## What you have to do
Only one stretch of the data below should be repeated: the lines from the line containing "second land cover: Grassland" through the line containing "longitude: 15.5922", inclusive, exactly as they are.

◇ ◇ ◇ ◇

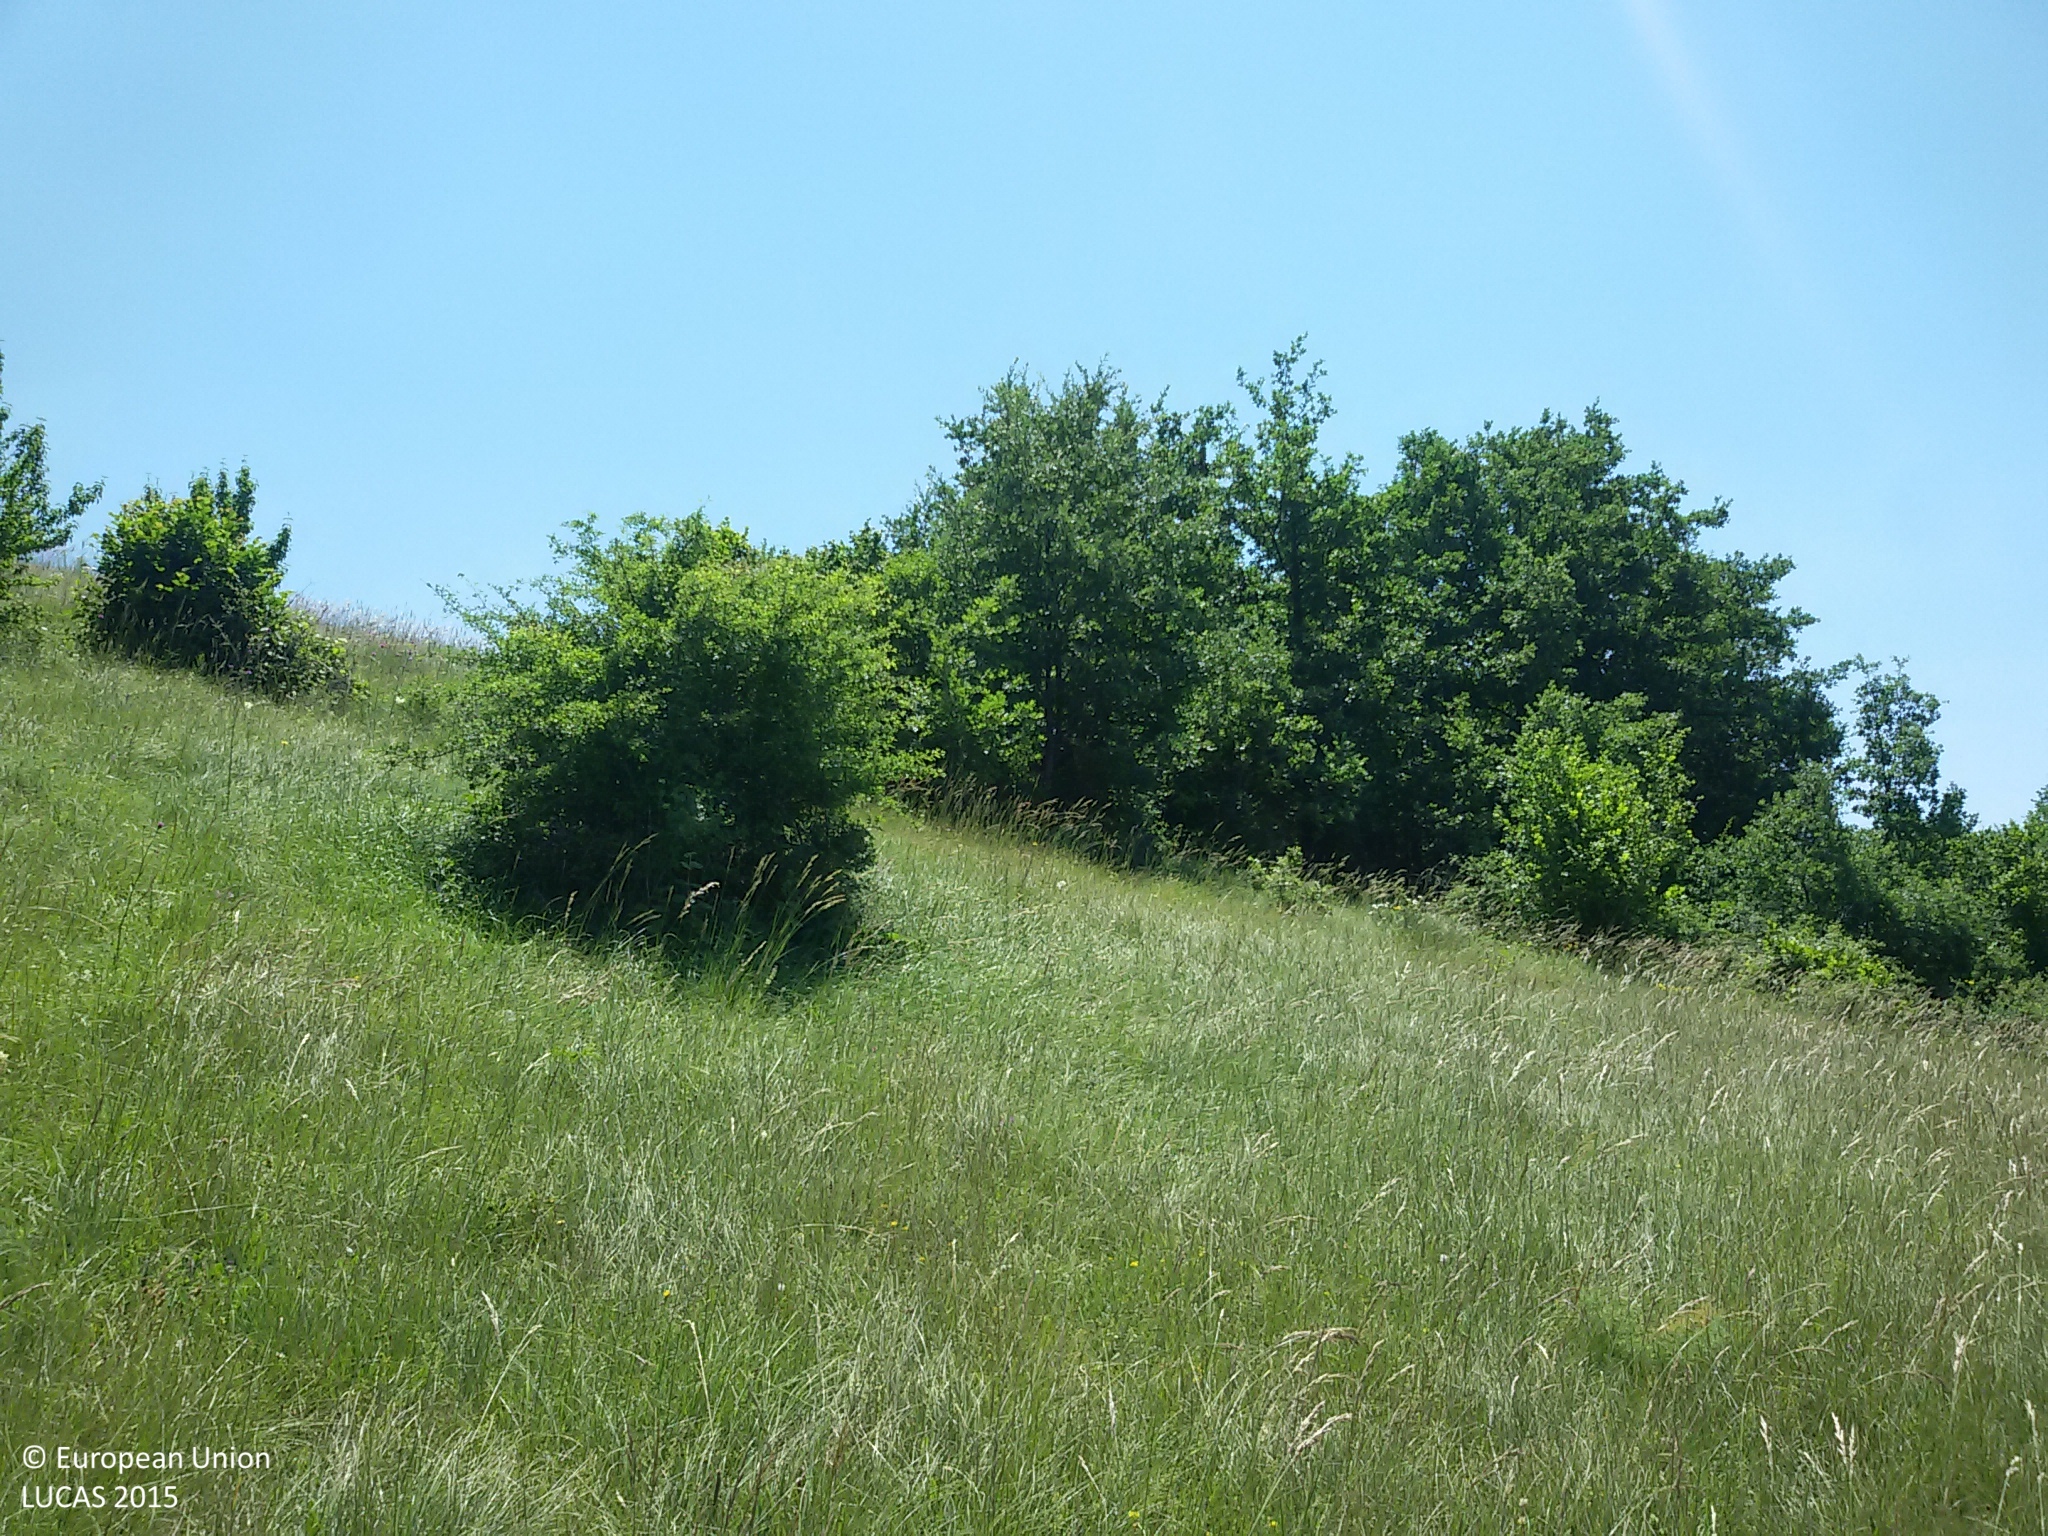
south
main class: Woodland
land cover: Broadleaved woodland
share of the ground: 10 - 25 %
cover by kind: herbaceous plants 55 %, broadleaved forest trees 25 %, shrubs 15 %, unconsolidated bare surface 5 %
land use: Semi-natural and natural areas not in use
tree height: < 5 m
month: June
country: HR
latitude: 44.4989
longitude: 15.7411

◇ ◇ ◇ ◇

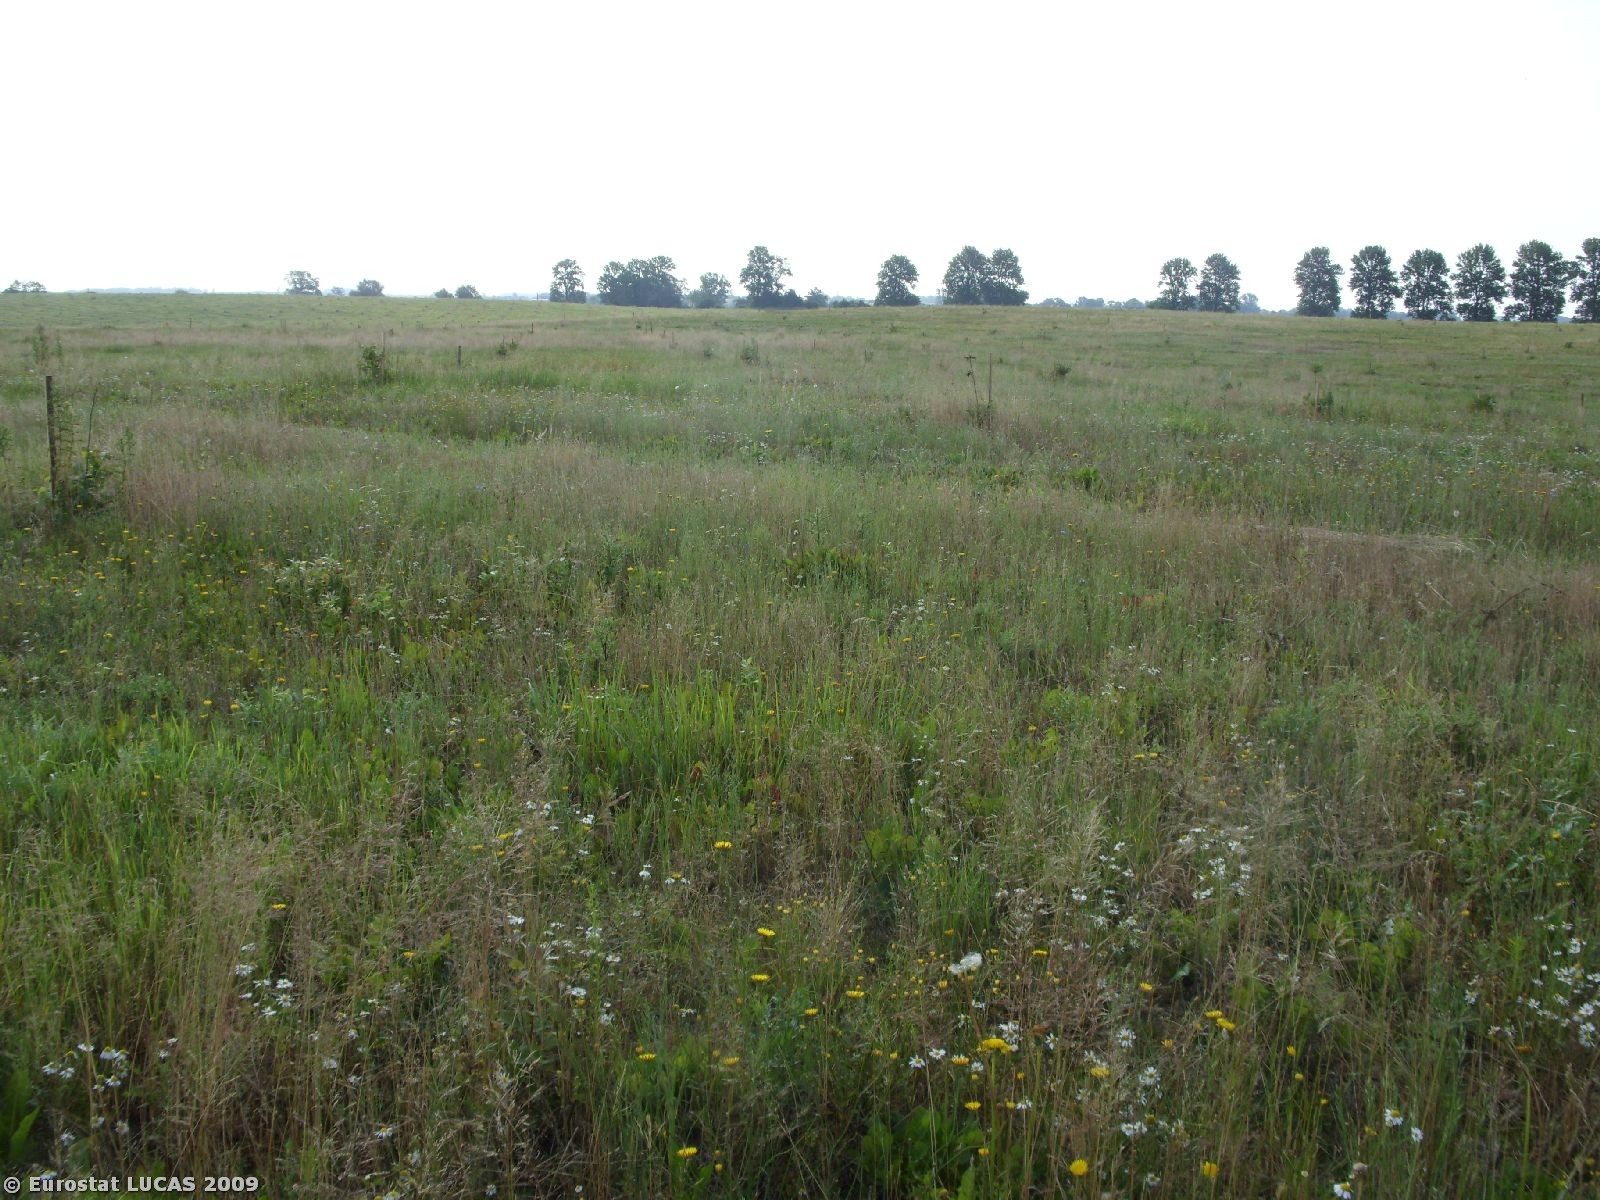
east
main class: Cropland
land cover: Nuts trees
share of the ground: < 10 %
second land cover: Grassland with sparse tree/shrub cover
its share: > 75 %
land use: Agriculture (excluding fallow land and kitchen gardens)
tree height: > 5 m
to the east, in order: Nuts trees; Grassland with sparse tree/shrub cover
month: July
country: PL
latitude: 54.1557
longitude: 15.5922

◇ ◇ ◇ ◇

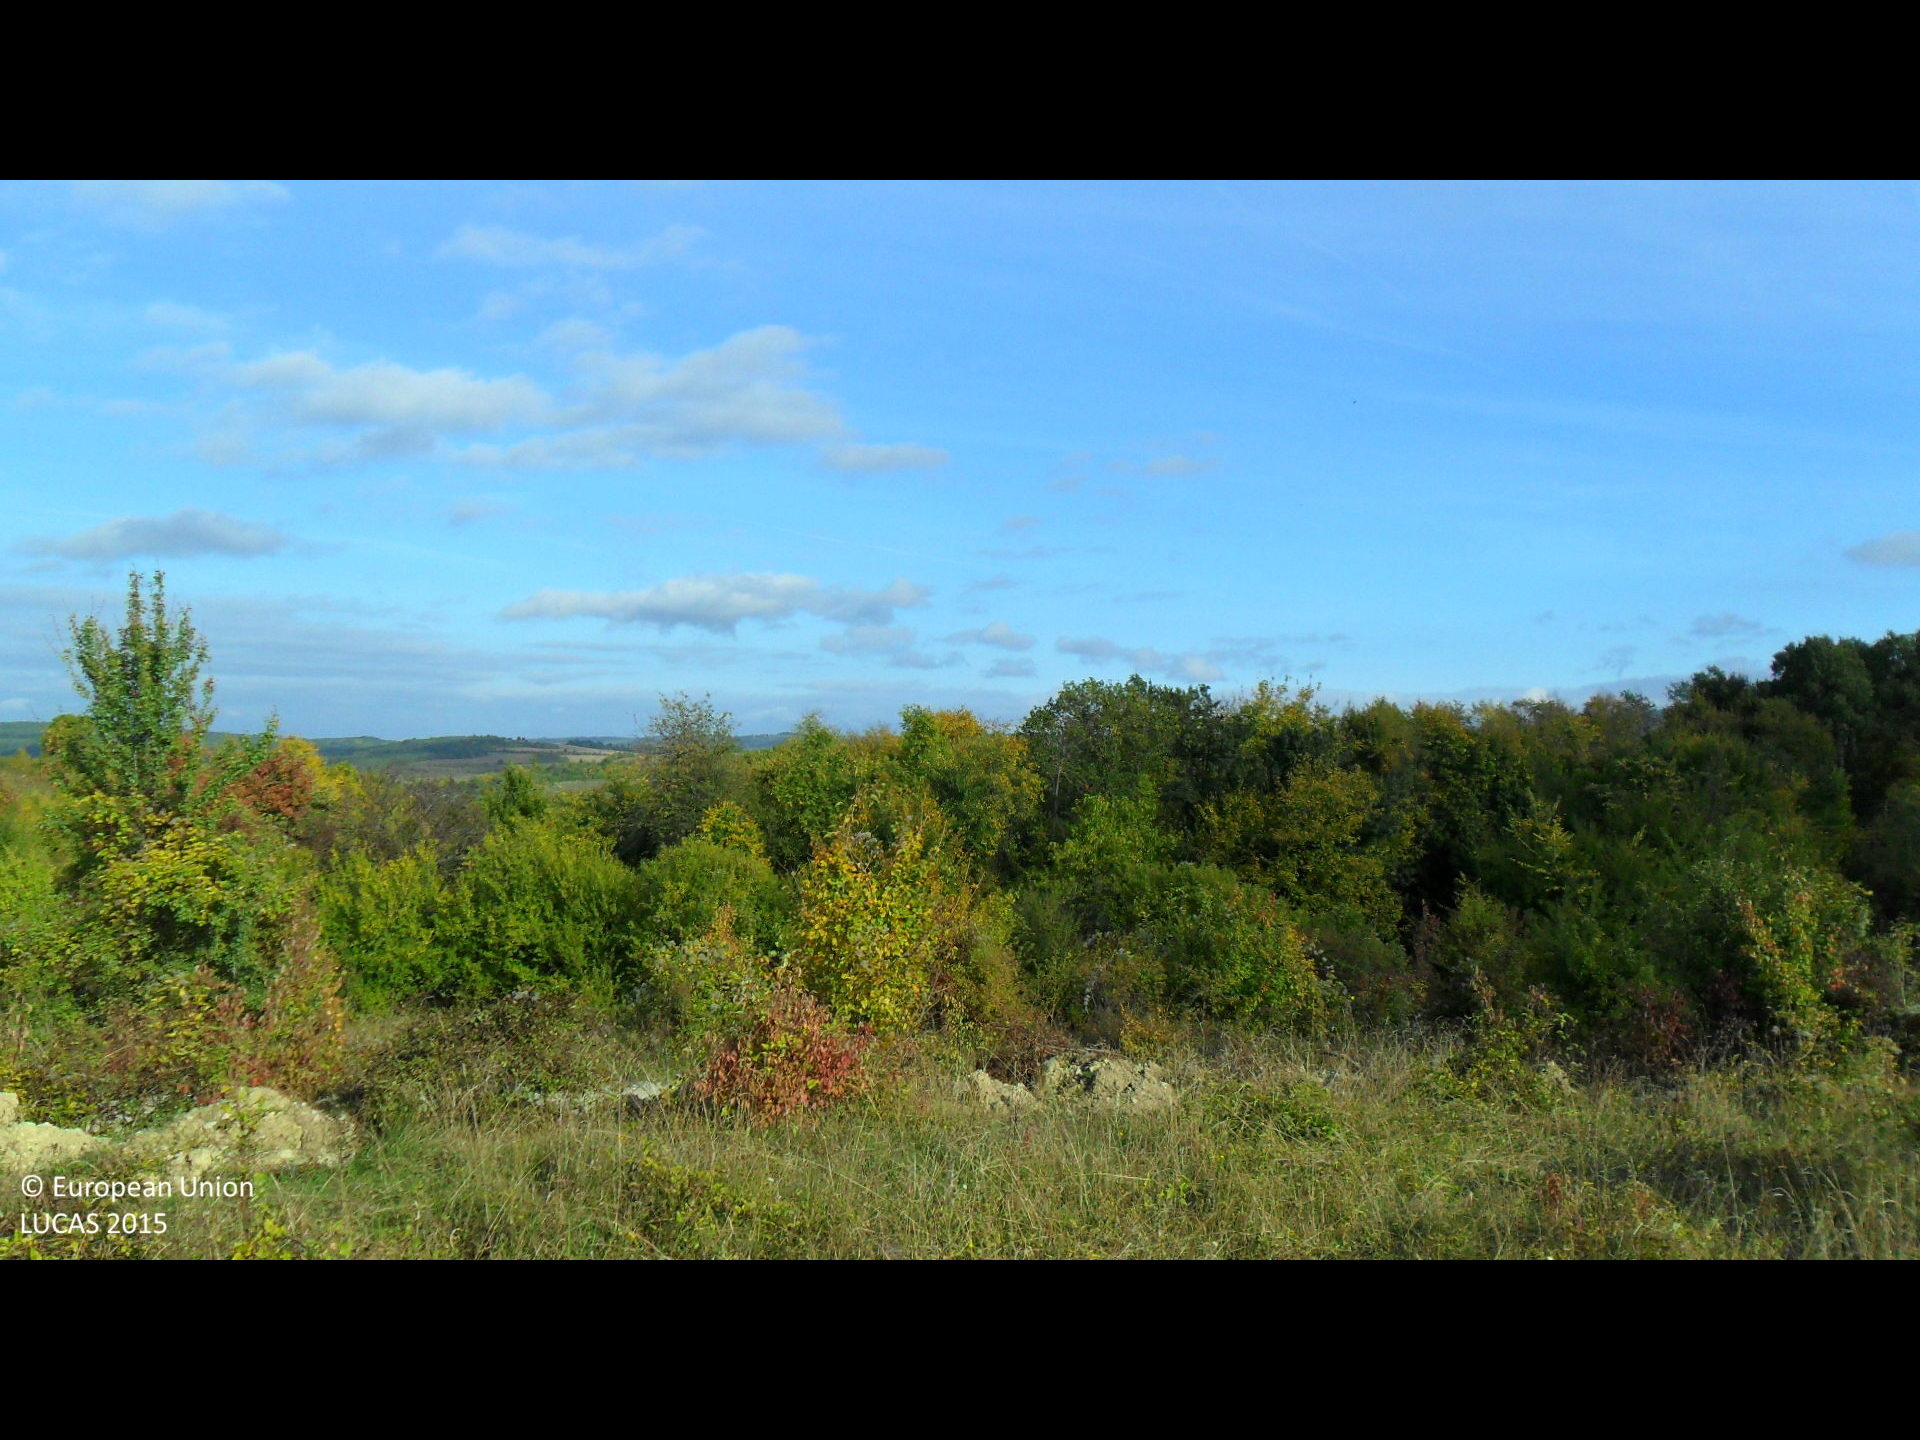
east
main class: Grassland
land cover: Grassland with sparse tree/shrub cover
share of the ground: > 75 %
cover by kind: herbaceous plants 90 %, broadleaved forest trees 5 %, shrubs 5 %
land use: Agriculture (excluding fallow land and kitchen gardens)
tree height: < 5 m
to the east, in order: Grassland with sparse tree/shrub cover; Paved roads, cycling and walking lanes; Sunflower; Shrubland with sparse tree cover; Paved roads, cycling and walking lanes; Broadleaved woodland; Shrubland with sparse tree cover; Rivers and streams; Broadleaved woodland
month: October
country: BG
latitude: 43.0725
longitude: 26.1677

◇ ◇ ◇ ◇

## The answer
second land cover: Grassland with sparse tree/shrub cover
its share: > 75 %
land use: Agriculture (excluding fallow land and kitchen gardens)
tree height: > 5 m
to the east, in order: Nuts trees; Grassland with sparse tree/shrub cover
month: July
country: PL
latitude: 54.1557
longitude: 15.5922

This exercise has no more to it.